4. Proliferation of Open Educational Resources
As mentioned earlier, technology makes it easier than ever for colleges or professors to make resources freely available to anyone they may benefit. Many educators are happy to jump on the bandwagon. The number of open educational resources (OER) available to anyone willing to do some digging to find them is growing.
OER can refer to any type of digital content, including:
- Courses
- Course materials
- Textbooks
- Research articles
- Presentations
- Videos
- Tests
- Software
The movement to make more information free goes beyond just insisting that there be no cost to students. It extends to encouraging that the resources be free from any ownership and usage rights.
While the cost of higher education remains one of the most consistently debated topics in the industry, making use of creative commons resources and open textbooks could be the key to bringing costs down in at least one area of higher ed. OER repositories and search tools already exist, but they could still use some work and are likely to improve if the trend continues in years to come.
5. Increase in Blended Learning
Online learning is growing at a rapid pace. As the report points out, one in ten students weretaking courses exclusively online already by 2012, and even more were taking at least some of their classes online. The shift to online learning has been heavily aided by tech improvements in fields like learning analytics, adaptive learning, and asynchronous and synchronous tools.
But blended learning may be the even bigger innovation to come of the shift to online learning, as it combine the benefits of the technology of online learning with the accessibility of working with teachers face-to-face. Access to more online resources in whatever format students learn from best, accessible wherever and whenever they want, enables better learning outside of the classroom. Add to that a greater availability of teachers once in the classroom and you have a powerful tool that provides students with the best of both worlds.

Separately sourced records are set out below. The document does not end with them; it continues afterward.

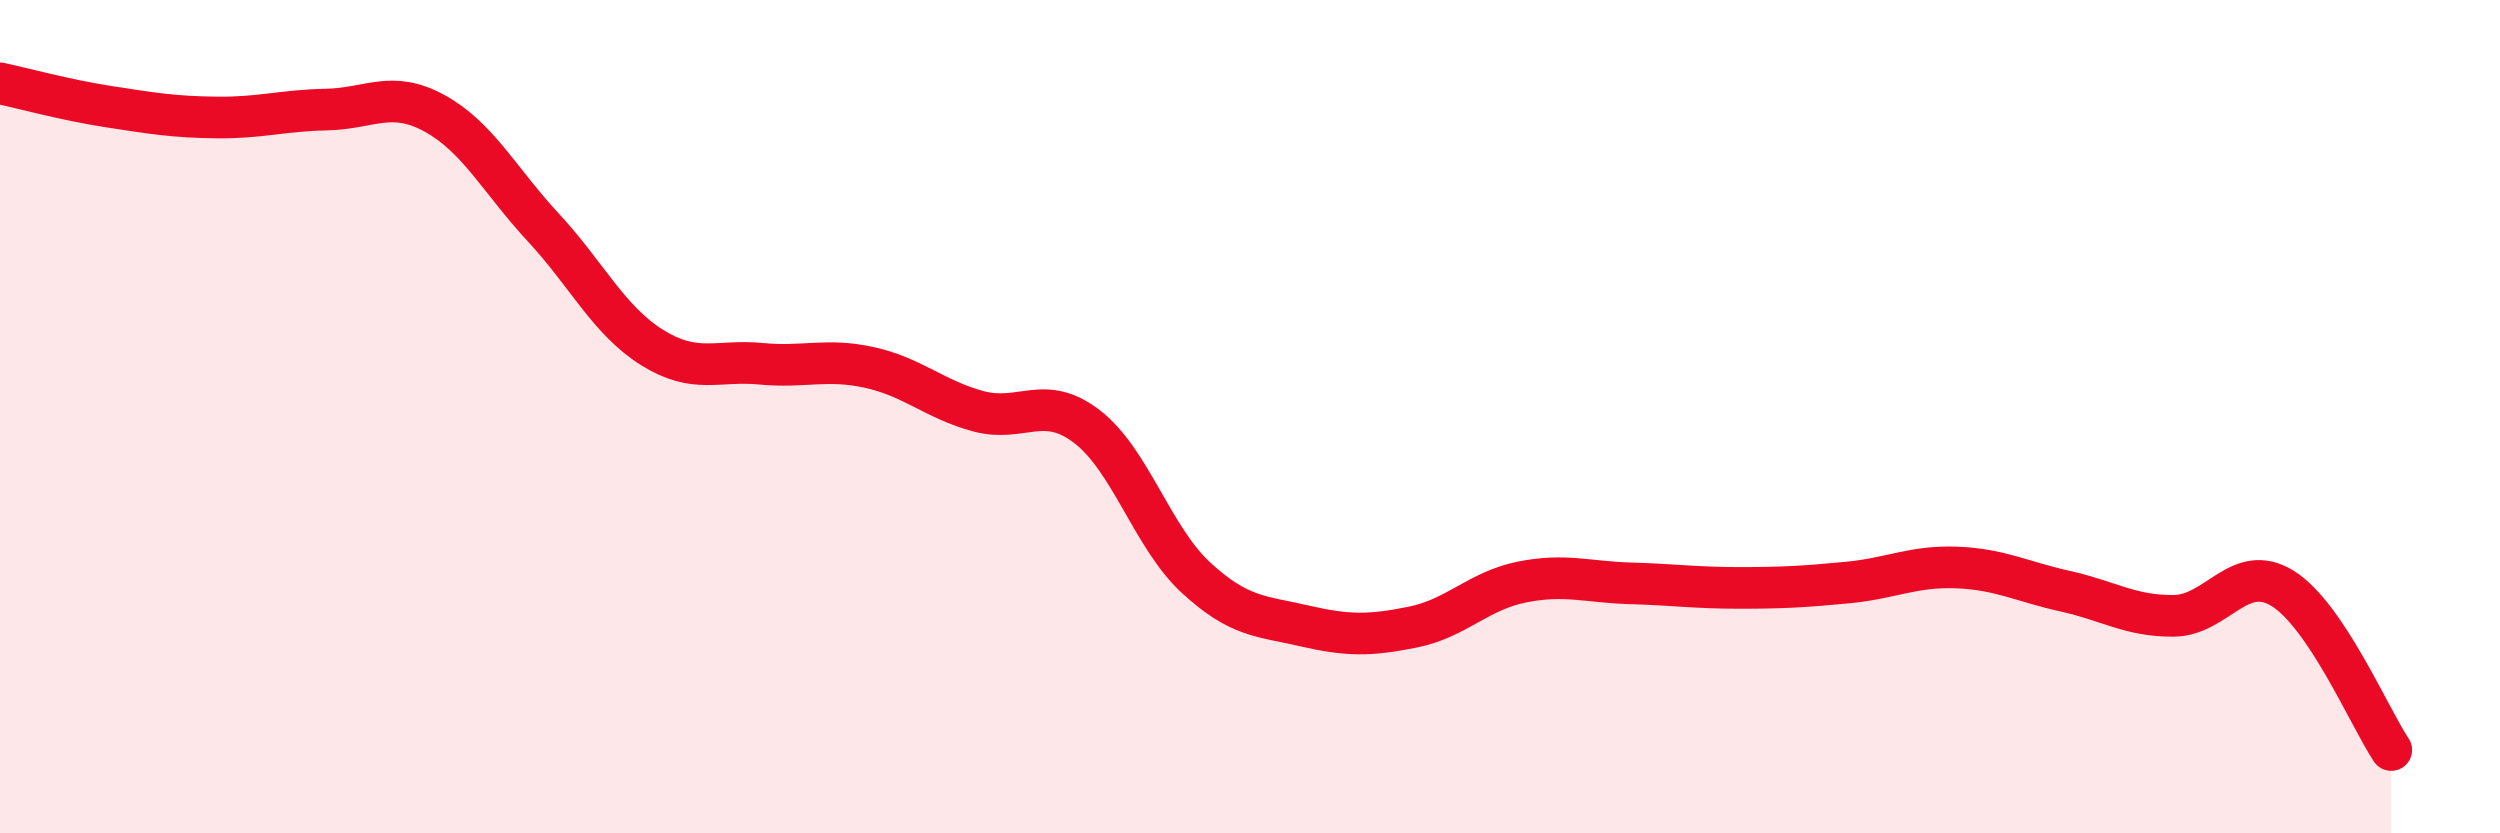 
    <svg width="60" height="20" viewBox="0 0 60 20" xmlns="http://www.w3.org/2000/svg">
      <path
        d="M 0,2 C 0.52,2.11 1.57,2.4 2.61,2.56 C 3.65,2.72 4.18,2.81 5.22,2.82 C 6.26,2.83 6.79,2.65 7.83,2.63 C 8.87,2.61 9.39,2.15 10.43,2.72 C 11.47,3.29 12,4.34 13.04,5.46 C 14.08,6.58 14.61,7.69 15.65,8.34 C 16.69,8.99 17.22,8.63 18.26,8.73 C 19.3,8.83 19.83,8.59 20.87,8.82 C 21.91,9.05 22.44,9.59 23.48,9.87 C 24.52,10.15 25.05,9.44 26.09,10.24 C 27.13,11.04 27.66,12.9 28.7,13.86 C 29.74,14.82 30.26,14.78 31.3,15.02 C 32.34,15.26 32.87,15.26 33.91,15.05 C 34.95,14.84 35.48,14.18 36.52,13.97 C 37.56,13.76 38.09,13.97 39.13,14 C 40.17,14.03 40.7,14.11 41.74,14.11 C 42.78,14.11 43.31,14.08 44.35,13.98 C 45.39,13.88 45.92,13.58 46.96,13.62 C 48,13.66 48.53,13.96 49.57,14.19 C 50.61,14.42 51.13,14.79 52.17,14.78 C 53.21,14.77 53.74,13.48 54.78,14.12 C 55.82,14.76 56.87,17.22 57.39,18L57.39 20L0 20Z"
        fill="#EB0A25"
        opacity="0.1"
        stroke-linecap="round"
        stroke-linejoin="round"
      />
      <path
        d="M 0,2 C 0.52,2.11 1.57,2.4 2.61,2.56 C 3.65,2.72 4.18,2.81 5.22,2.82 C 6.26,2.83 6.79,2.65 7.83,2.63 C 8.87,2.61 9.39,2.15 10.43,2.72 C 11.47,3.29 12,4.34 13.04,5.46 C 14.08,6.58 14.61,7.69 15.65,8.34 C 16.69,8.99 17.22,8.63 18.26,8.73 C 19.3,8.83 19.83,8.59 20.87,8.82 C 21.91,9.05 22.44,9.59 23.48,9.87 C 24.52,10.15 25.05,9.44 26.09,10.24 C 27.13,11.04 27.66,12.9 28.7,13.86 C 29.74,14.82 30.26,14.78 31.3,15.02 C 32.34,15.26 32.87,15.26 33.91,15.05 C 34.95,14.84 35.48,14.18 36.52,13.97 C 37.56,13.76 38.09,13.97 39.13,14 C 40.17,14.03 40.7,14.11 41.74,14.11 C 42.78,14.11 43.31,14.08 44.35,13.98 C 45.39,13.88 45.92,13.58 46.96,13.62 C 48,13.66 48.53,13.96 49.57,14.19 C 50.61,14.42 51.13,14.79 52.17,14.78 C 53.21,14.77 53.74,13.48 54.78,14.12 C 55.82,14.76 56.87,17.22 57.39,18"
        stroke="#EB0A25"
        stroke-width="1"
        fill="none"
        stroke-linecap="round"
        stroke-linejoin="round"
      />
    </svg>

The best practices for blended learning are still being developed, but as more colleges experiment with it and track what works best, it can only get better.
6. Redesigning Learning Spaces
If we’re bringing more tech into the classroom, the classroom must change to accommodate. The traditional model of a lecturer standing at the front of a classroom, talking to a room full of students seated in rows, ignores the possibilities of what tech can add to the equation.
Some colleges are experimenting with re-designing the classroom space to encourage the integration of technology and more collaboration between students. A common example of this is a classroom in which the lecture’s podium is moved to the center and surrounded by round tables for students that integrate a key piece of technology like an interactive whiteboard or a computer.
Other colleges are working to expand the idea to other spaces. Many libraries are being re-designed to enable more access to technology and comfortable learning spaces within them. Schools are adding more power outlets and comfortable seating to hallways and atriums so students can do their studying there.
Learning can happen anywhere, just as long as students have access to the right tools. A few tweaks to what the common spaces on college campuses look like can help take that idea further.
Still, while NMC report seeks to predict the tech trends that will influence education the most in the next five years, five years is a very long time in the tech world. These trends are all poised to change how the educational landscape looks, but may be taken over by newer technologies and the trends and issues they produce. We’re living in an exciting time for ed tech. The possibilities of new opportunities for schools and educators will only grow.